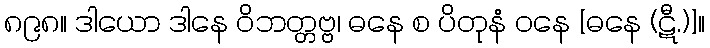
၈၉၈။ ဒါယော ဒါနေ ဝိဘတ္တဗ္ဗ၊ ဓနေ စ ပိတုနံ ဝနေ [ဓနေ (ဋီ.)]။
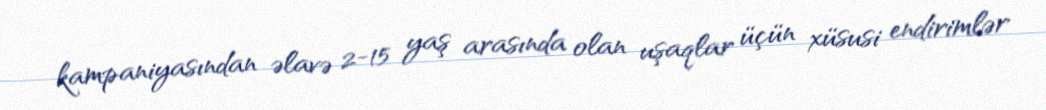
kampaniyasından əlavə 2-15 yaş arasında olan uşaqlar üçün xüsusi endirimlər
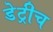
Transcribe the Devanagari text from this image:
डेट्रीच
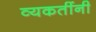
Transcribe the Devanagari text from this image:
व्यकतींनी
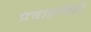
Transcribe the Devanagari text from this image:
प्रवाहांपैकी
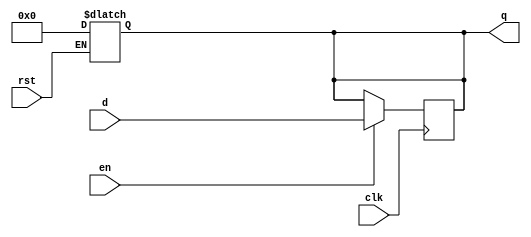
`timescale 1ns / 1ps


module pc #(parameter WIDTH = 32)(
	input wire clk,rst,en,
	input wire[WIDTH-1:0] d,
	output reg[WIDTH-1:0] q
    );

	always @(*) begin
		if(rst) begin
			q <= 0;
		end
	end

	always @(posedge clk) begin
		if(en) begin
			q <= d;
		end
	end
endmodule
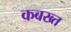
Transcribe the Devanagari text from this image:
कबख्त
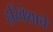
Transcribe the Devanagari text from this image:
हरिवंशाचे
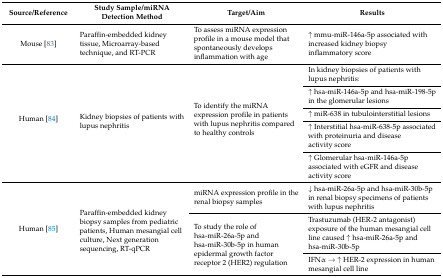
| Source/Reference | Study Sample/miRNA Detection Method | Target/Aim | Results |
 | --- | --- | --- | --- |
 | Mouse [83] | Paraffin-embedded kidney tissue, Microarray-based technique, and RT-PCR | To assess miRNA expression profile in a mouse model that spontaneously develops inflammation with age | ↑ mmu-miR-146a-5p associated with increased kidney biopsy inflammatory score |
 | <ROWSPAN=5> Human [84] | <ROWSPAN=5> Kidney biopsies of patients with lupus nephritis | <ROWSPAN=5> To identify the miRNA expression profile in patients with lupus nephritis compared to healthy controls | In kidney biopsies of patients with lupus nephritis: |
 | ↑ hsa-miR-146a-5p and hsa-miR-198-5p in the glomerular lesions |
 | ↑ miR-638 in tubulointerstitial lesions |
 | ↑ Interstitial hsa-miR-638-5p associated with proteinuria and disease activity score |
 | ↑ Glomerular hsa-miR-146a-5p associated with eGFR and disease activity score |
 | <ROWSPAN=3> Human [85] | <ROWSPAN=3> Paraffin-embedded kidney biopsy samples from pediatric patients, Human mesangial cell culture, Next generation sequencing, RT-qPCR | miRNA expression profile in the renal biopsy samples | ↓ hsa-miR-26a-5p and hsa-miR-30b-5p in renal biopsy specimens of patients with lupus nephritis |
 | <ROWSPAN=2> To study the role of hsa-miR-26a-5p and hsa-miR-30b-5p in human epidermal growth factor receptor 2 (HER2) regulation | Trastuzumab (HER-2 antagonist) exposure of the human mesangial cell line caused ↑ hsa-miR-26a-5p and hsa-miR-30b-5p |
 | IFNα → ↑ HER-2 expression in human mesangial cell line |
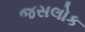
જસલોક
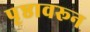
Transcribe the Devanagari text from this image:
पृष्ठावरून
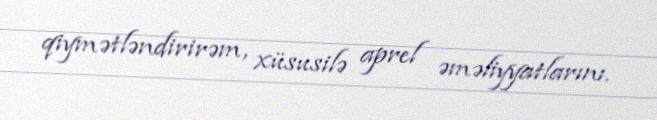
qiymətləndirirəm, xüsusilə aprel əməliyyatlarını.
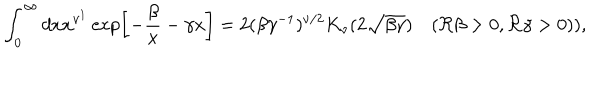
LaTeX: \int _ { 0 } ^ { \infty } d x x ^ { \nu ^ { 1 } } \exp \left[ - { \frac { \beta } { x } } - \gamma x \right] = 2 ( \beta \gamma ^ { - 1 } ) ^ { \nu / 2 } K _ { \nu } ( 2 \sqrt { \beta \gamma } ) \quad ( \Re \beta > 0 , \Re \gamma > 0 ) ) ,
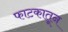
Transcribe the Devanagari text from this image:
फाटकातून
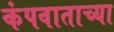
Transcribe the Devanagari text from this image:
कंपवाताच्या
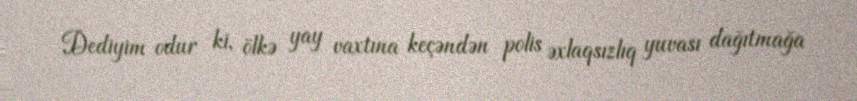
Dediyim odur ki, ölkə yay vaxtına keçəndən polis əxlaqsızlıq yuvası dağıtmağa
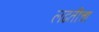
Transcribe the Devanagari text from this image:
लढतीचा
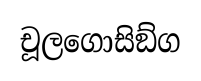
චූලගොසිඞ්ග
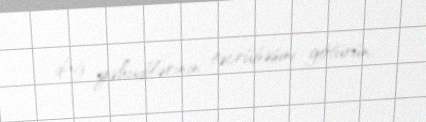
dağ yəhudilərinin təcrübəsini götürün.
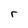
Character: r
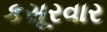
કસૂરવાર
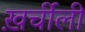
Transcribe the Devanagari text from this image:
ख़र्चीली
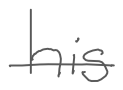
Text: his
Cross-out: single-line
Writing tool: digital_gray
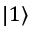
| 1 \rangle
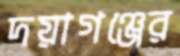
দয়াগঞ্জের
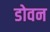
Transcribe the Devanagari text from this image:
डोवन
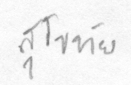
สุโขทัย
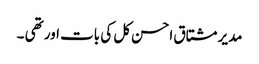
مدیر مشتاق احسن کل کی بات اور تھی ۔
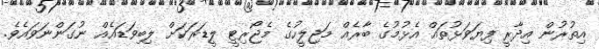
އިތުރުން އިދާރީ ފިޔަވަޅުތައް އެޅުމުގެ ބާރެއް މަޖިލީހުގެ މެޖޯރިޓީ ލީޑަރަކަށް ލިބިވަޑައެއް ނުގަންނަވައެވެ.
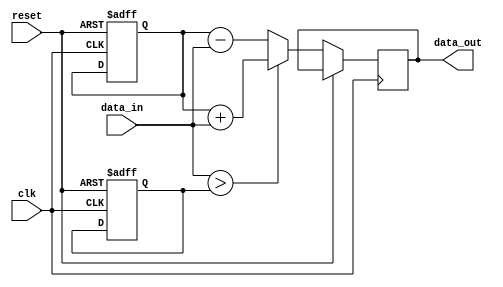
module ParameterFocusedInit #(
    parameter SIZE = 8,          // Default size parameter
    parameter THRESHOLD = 128,   // Default threshold value
    parameter MODE = 0           // Default mode of operation
)(
    input wire clk,              // Clock input
    input wire reset,            // Reset input
    input wire [SIZE-1:0] data_in, // Input data
    output reg [SIZE-1:0] data_out // Output data
);

    // Internal variable declaration
    reg [SIZE-1:0] internal_var;
    reg [SIZE-1:0] threshold_var;

    // Initialization block
    initial begin
        // Initialize internal variables based on parameters
        internal_var = 0;
        threshold_var = THRESHOLD;
        
        // Conditional initialization based on MODE parameter
        if (MODE == 1) begin
            internal_var = 8'hFF; // Set to max if MODE is 1
        end else if (MODE == 2) begin
            internal_var = 8'h00; // Set to min if MODE is 2
        end
    end

    // Always block for behavior
    always @(posedge clk or posedge reset) begin
        if (reset) begin
            // Reset internal variables to initialized values
            internal_var <= 0;
            threshold_var <= THRESHOLD;
        end else begin
            // Behavioral logic based on input data and initialized parameters
            if (data_in > threshold_var) begin
                data_out <= internal_var + data_in; // Example operation
            end else begin
                data_out <= internal_var - data_in; // Example operation
            end
        end
    end

endmodule
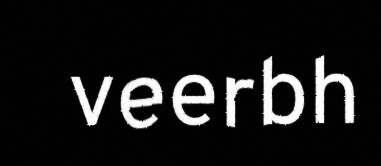
veerbh
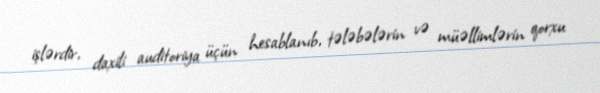
işlərdir, daxili auditoriya üçün hesablanıb, tələbələrin və müəllimlərin qorxu
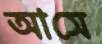
আসে
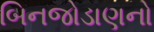
બિનજોડાણનો
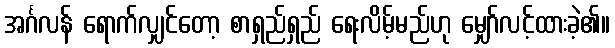
အင်္ဂလန် ရောက်လျှင်တော့ စာရှည်ရှည် ရေးလိမ့်မည်ဟု မျှော်လင့်ထားခဲ့၏။
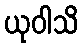
ယုဝါသိ
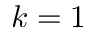
k = 1
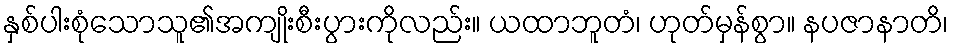
နှစ်ပါးစုံသောသူ၏အကျိုးစီးပွားကိုလည်း။ ယထာဘူတံ၊ ဟုတ်မှန်စွာ။ နပဇာနာတိ၊
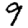
Digit: 9
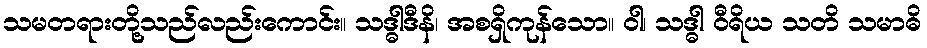
သမတရားတို့သည်လည်းကောင်း။ သဒ္ဓါဒီနိ၊ အစရှိကုန်သော။ ဝါ၊ သဒ္ဓါ ဝီရိယ သတိ သမာဓိ
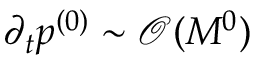
\partial _ { t } \ensuremath { p ^ { ( 0 ) } } \sim \ensuremath { \mathcal { O } ( M ^ { 0 } ) }
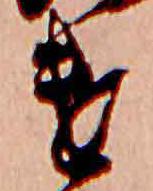
遣
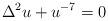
____
Say how many of the lines above include the string "mesangial", and give no other words.

#### Answer to this exercise
3